- [Your goal] The records must be returned word for word.

- [Data supplied]
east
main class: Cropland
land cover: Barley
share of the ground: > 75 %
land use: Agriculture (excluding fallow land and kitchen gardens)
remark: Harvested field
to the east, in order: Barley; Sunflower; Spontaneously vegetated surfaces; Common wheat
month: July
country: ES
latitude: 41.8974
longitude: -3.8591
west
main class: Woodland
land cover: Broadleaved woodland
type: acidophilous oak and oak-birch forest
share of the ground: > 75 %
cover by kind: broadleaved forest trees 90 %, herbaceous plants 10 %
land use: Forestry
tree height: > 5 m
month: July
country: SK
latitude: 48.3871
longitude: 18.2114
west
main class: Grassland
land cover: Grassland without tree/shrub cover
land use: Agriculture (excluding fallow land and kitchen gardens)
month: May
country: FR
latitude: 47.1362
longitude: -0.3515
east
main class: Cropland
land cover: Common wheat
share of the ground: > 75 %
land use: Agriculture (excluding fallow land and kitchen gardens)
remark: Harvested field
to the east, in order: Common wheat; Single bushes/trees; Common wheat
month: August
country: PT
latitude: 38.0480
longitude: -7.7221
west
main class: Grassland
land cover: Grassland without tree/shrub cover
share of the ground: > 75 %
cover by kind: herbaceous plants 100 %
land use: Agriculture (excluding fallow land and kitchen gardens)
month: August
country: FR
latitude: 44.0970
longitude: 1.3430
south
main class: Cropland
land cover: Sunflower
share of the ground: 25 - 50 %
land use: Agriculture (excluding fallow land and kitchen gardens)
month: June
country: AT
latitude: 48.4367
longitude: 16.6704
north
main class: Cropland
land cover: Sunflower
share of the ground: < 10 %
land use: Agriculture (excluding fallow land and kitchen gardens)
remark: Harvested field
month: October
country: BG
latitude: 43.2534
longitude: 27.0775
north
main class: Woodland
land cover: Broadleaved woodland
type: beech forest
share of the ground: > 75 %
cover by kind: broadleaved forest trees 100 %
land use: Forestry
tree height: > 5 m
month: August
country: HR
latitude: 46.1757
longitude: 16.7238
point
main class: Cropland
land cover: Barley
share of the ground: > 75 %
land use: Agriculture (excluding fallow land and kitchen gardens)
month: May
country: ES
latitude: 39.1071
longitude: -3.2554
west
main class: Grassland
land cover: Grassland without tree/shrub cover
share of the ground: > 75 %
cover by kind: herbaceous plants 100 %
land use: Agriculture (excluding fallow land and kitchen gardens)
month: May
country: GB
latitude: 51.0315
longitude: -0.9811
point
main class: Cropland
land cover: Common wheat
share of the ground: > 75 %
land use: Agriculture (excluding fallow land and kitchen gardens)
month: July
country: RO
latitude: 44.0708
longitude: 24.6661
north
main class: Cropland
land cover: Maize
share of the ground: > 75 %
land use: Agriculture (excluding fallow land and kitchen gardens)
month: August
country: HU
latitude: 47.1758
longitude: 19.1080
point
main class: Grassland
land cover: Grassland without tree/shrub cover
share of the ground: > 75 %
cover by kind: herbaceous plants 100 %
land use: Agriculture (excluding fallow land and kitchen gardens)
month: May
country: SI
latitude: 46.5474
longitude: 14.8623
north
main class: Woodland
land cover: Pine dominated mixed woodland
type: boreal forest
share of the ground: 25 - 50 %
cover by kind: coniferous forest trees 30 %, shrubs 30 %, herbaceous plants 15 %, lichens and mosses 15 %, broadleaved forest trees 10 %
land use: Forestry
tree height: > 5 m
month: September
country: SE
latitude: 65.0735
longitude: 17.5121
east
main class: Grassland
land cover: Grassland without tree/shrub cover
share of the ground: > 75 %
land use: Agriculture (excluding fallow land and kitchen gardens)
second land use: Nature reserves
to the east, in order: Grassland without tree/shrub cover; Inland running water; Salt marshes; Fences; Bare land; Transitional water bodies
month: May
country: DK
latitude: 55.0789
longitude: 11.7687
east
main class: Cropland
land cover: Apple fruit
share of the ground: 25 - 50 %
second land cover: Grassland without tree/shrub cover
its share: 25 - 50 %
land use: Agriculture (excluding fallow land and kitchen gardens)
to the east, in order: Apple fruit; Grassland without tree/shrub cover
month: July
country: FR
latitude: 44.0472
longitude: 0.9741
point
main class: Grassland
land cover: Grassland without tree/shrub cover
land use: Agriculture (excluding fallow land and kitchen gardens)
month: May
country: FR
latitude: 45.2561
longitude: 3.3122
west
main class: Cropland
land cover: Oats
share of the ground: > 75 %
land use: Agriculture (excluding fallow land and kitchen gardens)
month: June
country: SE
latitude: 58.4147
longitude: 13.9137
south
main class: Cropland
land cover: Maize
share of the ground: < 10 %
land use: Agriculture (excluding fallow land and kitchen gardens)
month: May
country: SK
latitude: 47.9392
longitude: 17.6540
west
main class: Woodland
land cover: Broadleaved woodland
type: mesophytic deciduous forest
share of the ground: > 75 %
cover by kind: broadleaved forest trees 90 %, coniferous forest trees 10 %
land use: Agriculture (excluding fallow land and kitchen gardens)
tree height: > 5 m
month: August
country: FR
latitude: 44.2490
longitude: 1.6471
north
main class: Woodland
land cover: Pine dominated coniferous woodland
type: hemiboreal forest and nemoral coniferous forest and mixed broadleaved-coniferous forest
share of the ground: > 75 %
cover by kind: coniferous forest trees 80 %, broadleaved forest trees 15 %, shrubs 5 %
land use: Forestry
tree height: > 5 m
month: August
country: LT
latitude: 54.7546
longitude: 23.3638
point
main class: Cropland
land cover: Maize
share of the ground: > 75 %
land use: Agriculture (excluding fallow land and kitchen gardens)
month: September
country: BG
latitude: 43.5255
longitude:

- [Answer below]
east
main class: Cropland
land cover: Barley
share of the ground: > 75 %
land use: Agriculture (excluding fallow land and kitchen gardens)
remark: Harvested field
to the east, in order: Barley; Sunflower; Spontaneously vegetated surfaces; Common wheat
month: July
country: ES
latitude: 41.8974
longitude: -3.8591
west
main class: Woodland
land cover: Broadleaved woodland
type: acidophilous oak and oak-birch forest
share of the ground: > 75 %
cover by kind: broadleaved forest trees 90 %, herbaceous plants 10 %
land use: Forestry
tree height: > 5 m
month: July
country: SK
latitude: 48.3871
longitude: 18.2114
west
main class: Grassland
land cover: Grassland without tree/shrub cover
land use: Agriculture (excluding fallow land and kitchen gardens)
month: May
country: FR
latitude: 47.1362
longitude: -0.3515
east
main class: Cropland
land cover: Common wheat
share of the ground: > 75 %
land use: Agriculture (excluding fallow land and kitchen gardens)
remark: Harvested field
to the east, in order: Common wheat; Single bushes/trees; Common wheat
month: August
country: PT
latitude: 38.0480
longitude: -7.7221
west
main class: Grassland
land cover: Grassland without tree/shrub cover
share of the ground: > 75 %
cover by kind: herbaceous plants 100 %
land use: Agriculture (excluding fallow land and kitchen gardens)
month: August
country: FR
latitude: 44.0970
longitude: 1.3430
south
main class: Cropland
land cover: Sunflower
share of the ground: 25 - 50 %
land use: Agriculture (excluding fallow land and kitchen gardens)
month: June
country: AT
latitude: 48.4367
longitude: 16.6704
north
main class: Cropland
land cover: Sunflower
share of the ground: < 10 %
land use: Agriculture (excluding fallow land and kitchen gardens)
remark: Harvested field
month: October
country: BG
latitude: 43.2534
longitude: 27.0775
north
main class: Woodland
land cover: Broadleaved woodland
type: beech forest
share of the ground: > 75 %
cover by kind: broadleaved forest trees 100 %
land use: Forestry
tree height: > 5 m
month: August
country: HR
latitude: 46.1757
longitude: 16.7238
point
main class: Cropland
land cover: Barley
share of the ground: > 75 %
land use: Agriculture (excluding fallow land and kitchen gardens)
month: May
country: ES
latitude: 39.1071
longitude: -3.2554
west
main class: Grassland
land cover: Grassland without tree/shrub cover
share of the ground: > 75 %
cover by kind: herbaceous plants 100 %
land use: Agriculture (excluding fallow land and kitchen gardens)
month: May
country: GB
latitude: 51.0315
longitude: -0.9811
point
main class: Cropland
land cover: Common wheat
share of the ground: > 75 %
land use: Agriculture (excluding fallow land and kitchen gardens)
month: July
country: RO
latitude: 44.0708
longitude: 24.6661
north
main class: Cropland
land cover: Maize
share of the ground: > 75 %
land use: Agriculture (excluding fallow land and kitchen gardens)
month: August
country: HU
latitude: 47.1758
longitude: 19.1080
point
main class: Grassland
land cover: Grassland without tree/shrub cover
share of the ground: > 75 %
cover by kind: herbaceous plants 100 %
land use: Agriculture (excluding fallow land and kitchen gardens)
month: May
country: SI
latitude: 46.5474
longitude: 14.8623
north
main class: Woodland
land cover: Pine dominated mixed woodland
type: boreal forest
share of the ground: 25 - 50 %
cover by kind: coniferous forest trees 30 %, shrubs 30 %, herbaceous plants 15 %, lichens and mosses 15 %, broadleaved forest trees 10 %
land use: Forestry
tree height: > 5 m
month: September
country: SE
latitude: 65.0735
longitude: 17.5121
east
main class: Grassland
land cover: Grassland without tree/shrub cover
share of the ground: > 75 %
land use: Agriculture (excluding fallow land and kitchen gardens)
second land use: Nature reserves
to the east, in order: Grassland without tree/shrub cover; Inland running water; Salt marshes; Fences; Bare land; Transitional water bodies
month: May
country: DK
latitude: 55.0789
longitude: 11.7687
east
main class: Cropland
land cover: Apple fruit
share of the ground: 25 - 50 %
second land cover: Grassland without tree/shrub cover
its share: 25 - 50 %
land use: Agriculture (excluding fallow land and kitchen gardens)
to the east, in order: Apple fruit; Grassland without tree/shrub cover
month: July
country: FR
latitude: 44.0472
longitude: 0.9741
point
main class: Grassland
land cover: Grassland without tree/shrub cover
land use: Agriculture (excluding fallow land and kitchen gardens)
month: May
country: FR
latitude: 45.2561
longitude: 3.3122
west
main class: Cropland
land cover: Oats
share of the ground: > 75 %
land use: Agriculture (excluding fallow land and kitchen gardens)
month: June
country: SE
latitude: 58.4147
longitude: 13.9137
south
main class: Cropland
land cover: Maize
share of the ground: < 10 %
land use: Agriculture (excluding fallow land and kitchen gardens)
month: May
country: SK
latitude: 47.9392
longitude: 17.6540
west
main class: Woodland
land cover: Broadleaved woodland
type: mesophytic deciduous forest
share of the ground: > 75 %
cover by kind: broadleaved forest trees 90 %, coniferous forest trees 10 %
land use: Agriculture (excluding fallow land and kitchen gardens)
tree height: > 5 m
month: August
country: FR
latitude: 44.2490
longitude: 1.6471
north
main class: Woodland
land cover: Pine dominated coniferous woodland
type: hemiboreal forest and nemoral coniferous forest and mixed broadleaved-coniferous forest
share of the ground: > 75 %
cover by kind: coniferous forest trees 80 %, broadleaved forest trees 15 %, shrubs 5 %
land use: Forestry
tree height: > 5 m
month: August
country: LT
latitude: 54.7546
longitude: 23.3638
point
main class: Cropland
land cover: Maize
share of the ground: > 75 %
land use: Agriculture (excluding fallow land and kitchen gardens)
month: September
country: BG
latitude: 43.5255
longitude:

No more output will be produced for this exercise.